To start, note that simply calculating all pairs of distances is ~\mathcal O(N^2)~ time complexity and scores ~30\%~ of points.

For ~100\%~ of points, we use dynamic programming in ~\mathcal O(RS)~ time complexity. First, we find the sum of distances between all kings with coordinates ~X_1 \le X_2~ and ~Y_1 \le Y_2~, and on the second pass with ~X_1 > X_2~ and ~Y_1 < Y_2~. To find the sum, we start at ~(0, 0)~ and work left to right / top to bottom. We need the following:

• row_count(X, Y), row_sum(X, Y) - number of pieces in the fields with coordinates ~X_i < X~, ~Y = Y_i~ and the sum of distances to the field ~X, Y~.
• col_count(X, Y), col_sum(X, Y) - same as row but for columns
• dp_count(X, Y), dp_sum(X, Y) - same but for the lower left part of the board, in other words for fields ~X_i \le X~ and ~Y_i \le Y~.
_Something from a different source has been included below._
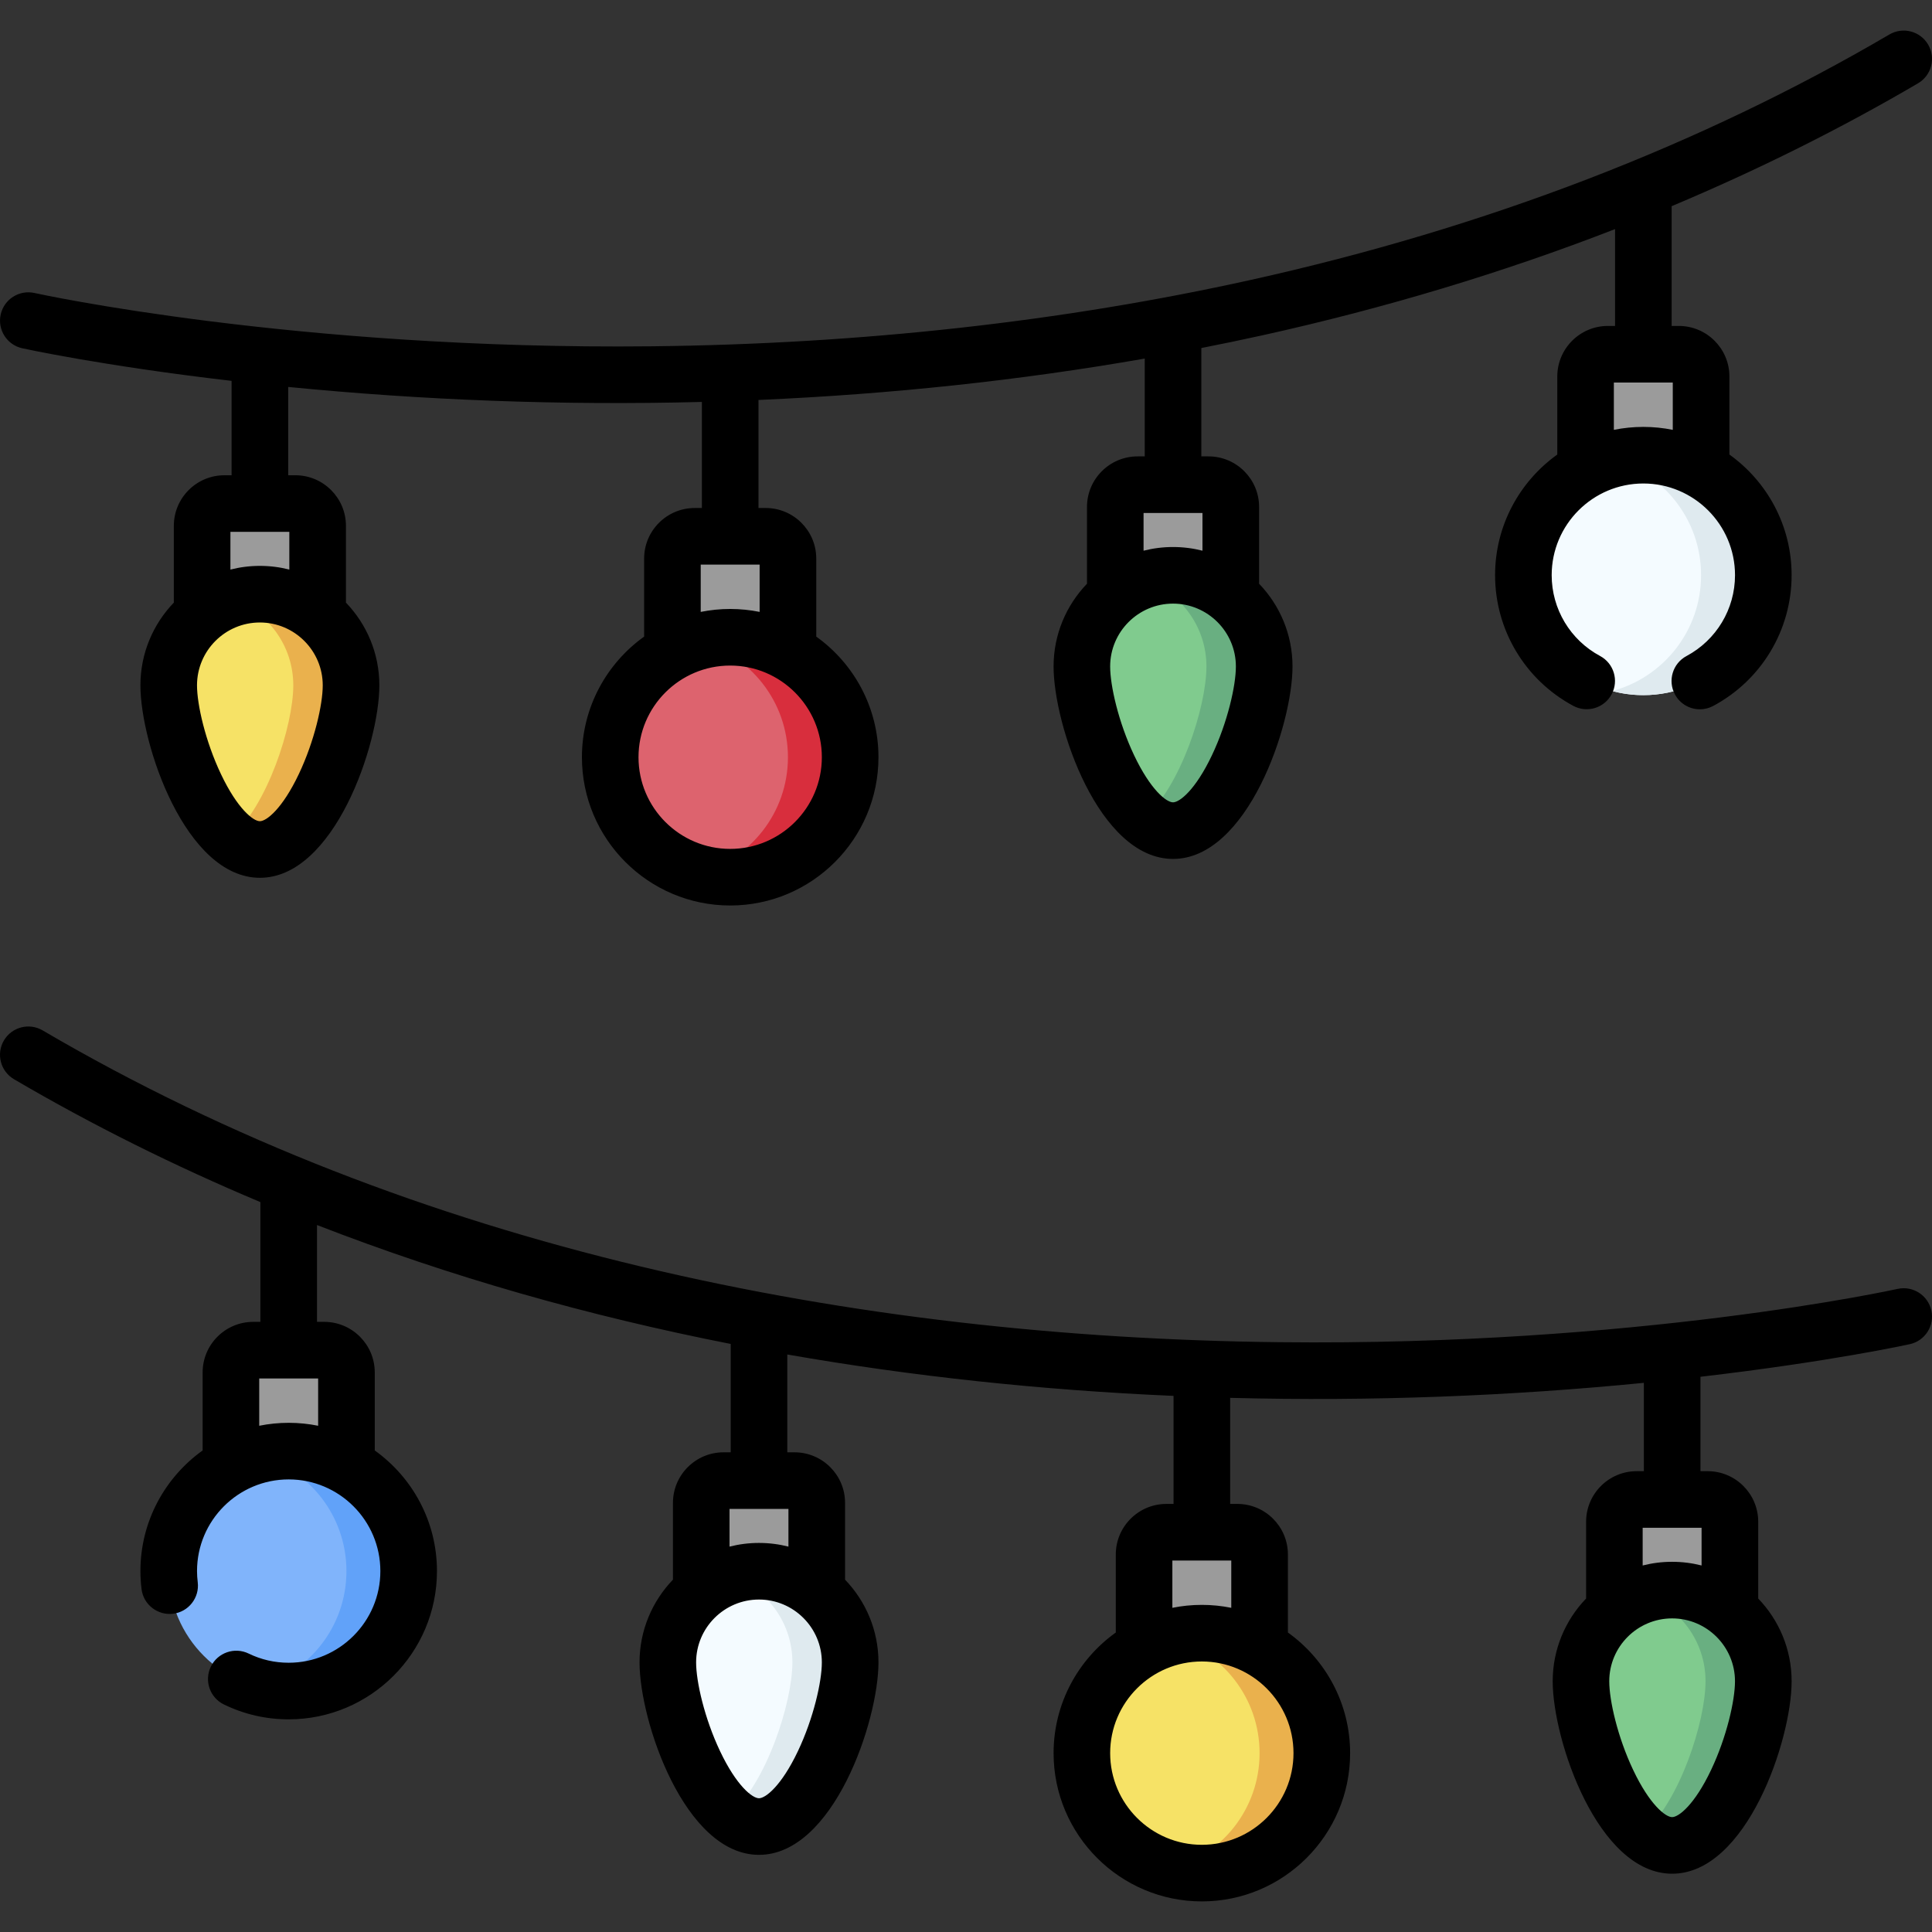 <svg id="Capa_1" enable-background="new 0 0 512.003 512.003" height="512" viewBox="0 0 512.003 512.003" width="512" xmlns="http://www.w3.org/2000/svg"><rect x="0" y="0" width="512.003" height="512.003" fill="#333333" stroke="none"/><g><g><path d="m84.178 168.758h-30.613v-29.405c0-3.26 2.643-5.903 5.903-5.903h18.808c3.26 0 5.903 2.643 5.903 5.903v29.405z" fill="#9b9b9b"/></g><path d="m93.032 181.626c0 13.343-10.817 43.503-24.16 43.503s-24.16-30.16-24.16-43.503 10.817-24.16 24.16-24.16 24.16 10.817 24.16 24.16z" fill="#f6e266"/><path d="m68.872 157.466c-2.676 0-5.247.442-7.653 1.245 9.591 3.202 16.507 12.248 16.507 22.915s-6.916 32.068-16.507 40.229c2.406 2.047 4.977 3.275 7.653 3.275 13.343 0 24.16-30.16 24.16-43.503s-10.817-24.161-24.16-24.161z" fill="#eab14d"/><g><path d="m208.813 177.435h-30.613v-29.405c0-3.26 2.643-5.903 5.903-5.903h18.808c3.26 0 5.903 2.643 5.903 5.903v29.405z" fill="#9b9b9b"/></g><circle cx="193.506" cy="200.674" fill="#dd636e" r="31.793"/><path d="m193.506 168.882c-2.852 0-5.613.381-8.243 1.085 13.561 3.632 23.55 16 23.55 30.708 0 14.707-9.988 27.076-23.55 30.707 2.63.705 5.391 1.085 8.243 1.085 17.559 0 31.793-14.234 31.793-31.793s-14.234-31.792-31.793-31.792z" fill="#d82e3d"/><g><path d="m326.171 163.758h-30.613v-29.405c0-3.26 2.643-5.903 5.903-5.903h18.808c3.26 0 5.903 2.643 5.903 5.903v29.405z" fill="#9b9b9b"/></g><path d="m335.025 176.626c0 13.343-10.817 43.503-24.16 43.503s-24.16-30.16-24.16-43.503 10.817-24.16 24.16-24.16 24.16 10.817 24.16 24.16z" fill="#80cb8e"/><path d="m310.865 152.466c-2.676 0-5.247.442-7.653 1.245 9.591 3.202 16.507 12.248 16.507 22.915s-6.916 32.068-16.507 40.229c2.406 2.047 4.977 3.275 7.653 3.275 13.343 0 24.16-30.16 24.16-43.503s-10.817-24.161-24.16-24.161z" fill="#69af81"/><g><path d="m450.806 129.188h-30.613v-29.406c0-3.26 2.643-5.903 5.902-5.903h18.808c3.26 0 5.903 2.643 5.903 5.903z" fill="#9b9b9b"/></g><circle cx="435.499" cy="152.427" fill="#f4fbff" r="31.793"/><path d="m435.499 120.634c-2.852 0-5.613.381-8.243 1.085 13.561 3.632 23.55 16 23.55 30.708 0 14.707-9.988 27.076-23.55 30.707 2.63.705 5.391 1.085 8.243 1.085 17.559 0 31.793-14.234 31.793-31.793s-14.234-31.792-31.793-31.792z" fill="#dfeaef"/><g><path d="m427.826 432.687h30.613v-29.405c0-3.26-2.643-5.903-5.903-5.903h-18.808c-3.26 0-5.903 2.643-5.903 5.903v29.405z" fill="#9b9b9b"/></g><path d="m467.292 445.555c0 13.343-10.817 43.503-24.16 43.503s-24.16-30.16-24.16-43.503 10.817-24.16 24.16-24.16 24.16 10.817 24.16 24.16z" fill="#80cb8e"/><path d="m443.132 421.395c-2.676 0-5.247.442-7.653 1.245 9.591 3.202 16.507 12.248 16.507 22.915s-6.916 32.068-16.507 40.229c2.406 2.047 4.977 3.275 7.653 3.275 13.343 0 24.16-30.16 24.16-43.503s-10.817-24.161-24.16-24.161z" fill="#69af81"/><g><path d="m303.191 441.365h30.613v-29.405c0-3.26-2.643-5.903-5.903-5.903h-18.808c-3.26 0-5.903 2.643-5.903 5.903v29.405z" fill="#9b9b9b"/></g><circle cx="318.497" cy="464.604" fill="#f6e266" r="31.793"/><path d="m318.497 432.811c-2.852 0-5.613.381-8.243 1.085 13.561 3.632 23.55 16 23.55 30.708 0 14.707-9.988 27.076-23.55 30.707 2.63.705 5.391 1.085 8.243 1.085 17.559 0 31.793-14.234 31.793-31.793s-14.234-31.792-31.793-31.792z" fill="#eab14d"/><g><path d="m185.833 427.687h30.613v-29.405c0-3.26-2.643-5.903-5.903-5.903h-18.808c-3.26 0-5.903 2.643-5.903 5.903v29.405z" fill="#9b9b9b"/></g><path d="m225.299 440.555c0 13.343-10.817 43.503-24.16 43.503s-24.16-30.16-24.16-43.503 10.817-24.16 24.16-24.16 24.16 10.817 24.16 24.16z" fill="#f4fbff"/><path d="m201.139 416.395c-2.676 0-5.247.442-7.653 1.245 9.591 3.202 16.507 12.248 16.507 22.915s-6.916 32.068-16.507 40.229c2.406 2.047 4.977 3.275 7.653 3.275 13.343 0 24.16-30.16 24.16-43.503s-10.817-24.161-24.16-24.161z" fill="#dfeaef"/><g><path d="m61.198 393.117h30.613v-29.405c0-3.26-2.643-5.903-5.903-5.903h-18.808c-3.26 0-5.903 2.643-5.903 5.903v29.405z" fill="#9b9b9b"/></g><circle cx="76.504" cy="416.356" fill="#80b4fb" r="31.793"/><path d="m76.504 384.563c-2.852 0-5.613.381-8.243 1.085 13.561 3.632 23.55 16 23.55 30.708 0 14.707-9.988 27.076-23.55 30.707 2.63.705 5.391 1.085 8.243 1.085 17.559 0 31.793-14.234 31.793-31.793s-14.234-31.792-31.793-31.792z" fill="#61a2f9"/><g><path d="m5.866 92.288c.377.084 21.169 4.653 55.506 8.646v25.017h-1.904c-7.39 0-13.402 6.013-13.402 13.402v20.348c-5.476 5.694-8.854 13.42-8.854 21.925 0 15.579 11.961 51.003 31.66 51.003s31.66-35.424 31.66-51.003c0-8.505-3.377-16.231-8.854-21.925v-20.348c0-7.39-6.013-13.402-13.402-13.402h-1.904v-23.407c35.561 3.501 72.256 4.945 109.635 3.975v28.11h-1.904c-7.39 0-13.402 6.013-13.402 13.402v20.678c-9.97 7.134-16.486 18.8-16.486 31.966 0 21.666 17.627 39.293 39.293 39.293s39.293-17.627 39.293-39.293c0-13.167-6.516-24.833-16.486-31.966v-20.679c0-7.39-6.013-13.402-13.402-13.402h-1.904v-28.631c35.144-1.527 69.389-5.196 102.358-10.97v25.923h-1.904c-7.39 0-13.402 6.013-13.402 13.402v20.348c-5.476 5.694-8.854 13.42-8.854 21.925 0 15.579 11.961 51.003 31.66 51.003s31.66-35.424 31.66-51.003c0-8.505-3.377-16.231-8.854-21.925v-20.348c0-7.39-6.013-13.402-13.403-13.402h-1.903v-28.716c5.406-1.065 10.785-2.174 16.116-3.354 32.652-7.228 63.89-16.652 93.519-28.161v25.661h-1.904c-7.39 0-13.402 6.013-13.402 13.402v20.678c-9.97 7.134-16.486 18.8-16.486 31.966 0 14.499 7.943 27.771 20.73 34.636 3.65 1.957 8.197.589 10.156-3.061s.589-8.196-3.061-10.156c-7.911-4.247-12.826-12.454-12.826-21.419 0-13.396 10.897-24.293 24.293-24.293s24.293 10.897 24.293 24.293c0 8.979-4.927 17.192-12.857 21.435-3.652 1.953-5.03 6.498-3.076 10.15 1.352 2.526 3.941 3.965 6.62 3.965 1.193 0 2.404-.286 3.53-.889 12.819-6.856 20.783-20.138 20.783-34.661 0-13.167-6.516-24.833-16.486-31.966v-20.678c0-7.39-6.013-13.402-13.403-13.402h-1.906v-31.737c22.815-9.592 44.628-20.446 65.296-32.565 3.573-2.096 4.771-6.69 2.676-10.264-2.096-3.573-6.689-4.772-10.264-2.676-50.075 29.363-107.013 51.247-169.231 65.043-49.904 11.066-103.297 16.985-158.695 17.591-94.554 1.024-162.965-13.97-163.647-14.124-4.04-.898-8.05 1.645-8.953 5.687-.902 4.042 1.642 8.05 5.684 8.953zm73.314 112.876c-4.342 9.146-8.544 12.465-10.309 12.465s-5.967-3.319-10.309-12.465c-4.17-8.781-6.352-18.488-6.352-23.538 0-9.187 7.474-16.66 16.66-16.66s16.66 7.474 16.66 16.66c.002 5.05-2.18 14.757-6.35 23.538zm-2.502-54.222c-2.498-.636-5.113-.976-7.807-.976s-5.308.34-7.807.976v-9.992h15.613v9.992zm116.828 74.026c-13.396 0-24.293-10.897-24.293-24.293s10.897-24.293 24.293-24.293 24.293 10.897 24.293 24.293-10.897 24.293-24.293 24.293zm7.807-62.805c-2.524-.511-5.134-.781-7.807-.781s-5.283.271-7.807.781v-12.535h15.613v12.535zm119.86 38.001c-4.343 9.146-8.544 12.465-10.309 12.465s-5.967-3.319-10.309-12.465c-4.17-8.781-6.352-18.488-6.352-23.538 0-9.187 7.474-16.66 16.66-16.66s16.66 7.474 16.66 16.66c.002 5.05-2.18 14.756-6.35 23.538zm-2.502-54.222c-2.498-.636-5.113-.976-7.807-.976s-5.308.34-7.807.976v-9.992h15.613v9.992zm124.635-32.027c-2.524-.511-5.134-.781-7.807-.781s-5.283.271-7.807.781v-12.535h15.613v12.535z"/><path d="m511.821 347.264c-.903-4.042-4.922-6.582-8.953-5.687-.681.152-69.116 15.183-163.646 14.124-113.209-1.239-229.107-24.687-327.927-82.634-3.573-2.096-8.168-.897-10.264 2.676s-.897 8.168 2.676 10.264c20.669 12.12 42.481 22.973 65.297 32.565v31.738h-1.904c-7.39 0-13.402 6.013-13.402 13.402v20.677c-9.97 7.134-16.486 18.8-16.486 31.966 0 1.545.1 3.149.297 4.77.501 4.112 4.247 7.033 8.352 6.539 4.111-.501 7.039-4.24 6.539-8.352-.126-1.035-.188-2.002-.188-2.957 0-13.396 10.897-24.293 24.293-24.293s24.293 10.897 24.293 24.293-10.898 24.293-24.294 24.293c-3.72 0-7.288-.818-10.604-2.432-3.727-1.814-8.214-.262-10.025 3.463-1.813 3.725-.262 8.214 3.463 10.025 5.379 2.616 11.154 3.943 17.167 3.943 21.666 0 39.293-17.627 39.293-39.293 0-13.167-6.516-24.833-16.486-31.966v-20.677c0-7.39-6.013-13.402-13.402-13.402h-1.904v-25.662c35.411 13.755 71.809 24.065 109.635 31.516v28.717h-1.904c-7.39 0-13.402 6.013-13.402 13.402v20.348c-5.476 5.694-8.854 13.42-8.854 21.925 0 15.579 11.961 51.003 31.66 51.003s31.66-35.424 31.66-51.003c0-8.505-3.377-16.231-8.854-21.925v-20.348c0-7.39-6.013-13.402-13.402-13.402h-1.904v-25.923c32.97 5.774 67.215 9.443 102.358 10.97v28.631h-1.904c-7.39 0-13.402 6.013-13.402 13.402v20.677c-9.97 7.134-16.486 18.8-16.486 31.966 0 21.666 17.627 39.293 39.293 39.293s39.293-17.627 39.293-39.293c0-13.167-6.517-24.833-16.487-31.967v-20.676c0-7.39-6.013-13.402-13.402-13.402h-1.903v-28.11c37.756.98 74.37-.504 109.635-3.976v23.408h-1.904c-7.39 0-13.402 6.013-13.402 13.402v20.348c-5.476 5.694-8.854 13.42-8.854 21.925 0 15.579 11.961 51.003 31.66 51.003s31.66-35.424 31.66-51.003c0-8.505-3.378-16.232-8.854-21.926v-20.347c0-7.39-6.013-13.402-13.402-13.402h-1.903v-25.018c34.335-3.993 55.128-8.561 55.505-8.646 4.037-.903 6.581-4.91 5.679-8.952zm-427.51 30.58c-2.524-.511-5.134-.781-7.807-.781s-5.283.271-7.807.781v-12.534h15.613v12.534zm127.137 86.25c-4.342 9.146-8.544 12.465-10.309 12.465s-5.967-3.319-10.309-12.465c-4.17-8.781-6.352-18.488-6.352-23.538 0-9.187 7.474-16.66 16.66-16.66s16.66 7.474 16.66 16.66c.001 5.049-2.18 14.757-6.35 23.538zm-2.502-54.222c-2.498-.636-5.113-.976-7.807-.976s-5.308.34-7.807.976v-9.992h15.613v9.992zm109.552 79.024c-13.396 0-24.293-10.897-24.293-24.293s10.897-24.293 24.293-24.293 24.293 10.897 24.293 24.293-10.898 24.293-24.293 24.293zm7.805-62.804c-2.524-.511-5.134-.781-7.806-.781s-5.283.271-7.807.781v-12.534h15.612v12.534zm127.138 43.002c-4.343 9.146-8.544 12.465-10.309 12.465s-5.967-3.319-10.309-12.465c-4.17-8.781-6.352-18.488-6.352-23.538 0-9.187 7.474-16.66 16.66-16.66s16.66 7.474 16.66 16.66c.002 5.049-2.18 14.756-6.35 23.538zm-2.503-54.222c-2.498-.636-5.113-.976-7.806-.976s-5.308.34-7.807.976v-9.992h15.612v9.992z"/></g></g></svg>

For dynamic programming, we need the following relations:

row_sum(X, Y) = row_sum(X, Y-1) + row_count(X, Y-1)
row_count(X, Y) = row_count(X, Y-1) + B(X, Y)
col_sum(X, Y) = col_sum(X-1, Y) + col_count(X-1, Y)
col_count(X, Y) = col_count(X-1, Y) + B(X, Y)
dp_sum(X, Y) = dp_sum(X-1, Y-1) + dp_count(X-1, Y-1) + row_sum(X, Y) + col_sum(X, Y) + B(X, Y)
dp_count(X, Y) = dp_count(X-1, Y-1) + row_count(X, Y) + col_count(X, Y) + B(X, Y)

Where ~B(X, Y)~ is ~1~ if the field ~(X, Y)~ contains the figure of the current player, and ~0~ otherwise.

Now we can easily see that the sum of field ~(X, Y)~ to other pieces is:

sum(X, Y) = dp_sum(X-1, Y-1) + row_sum(X, Y) + col_sum(X, Y)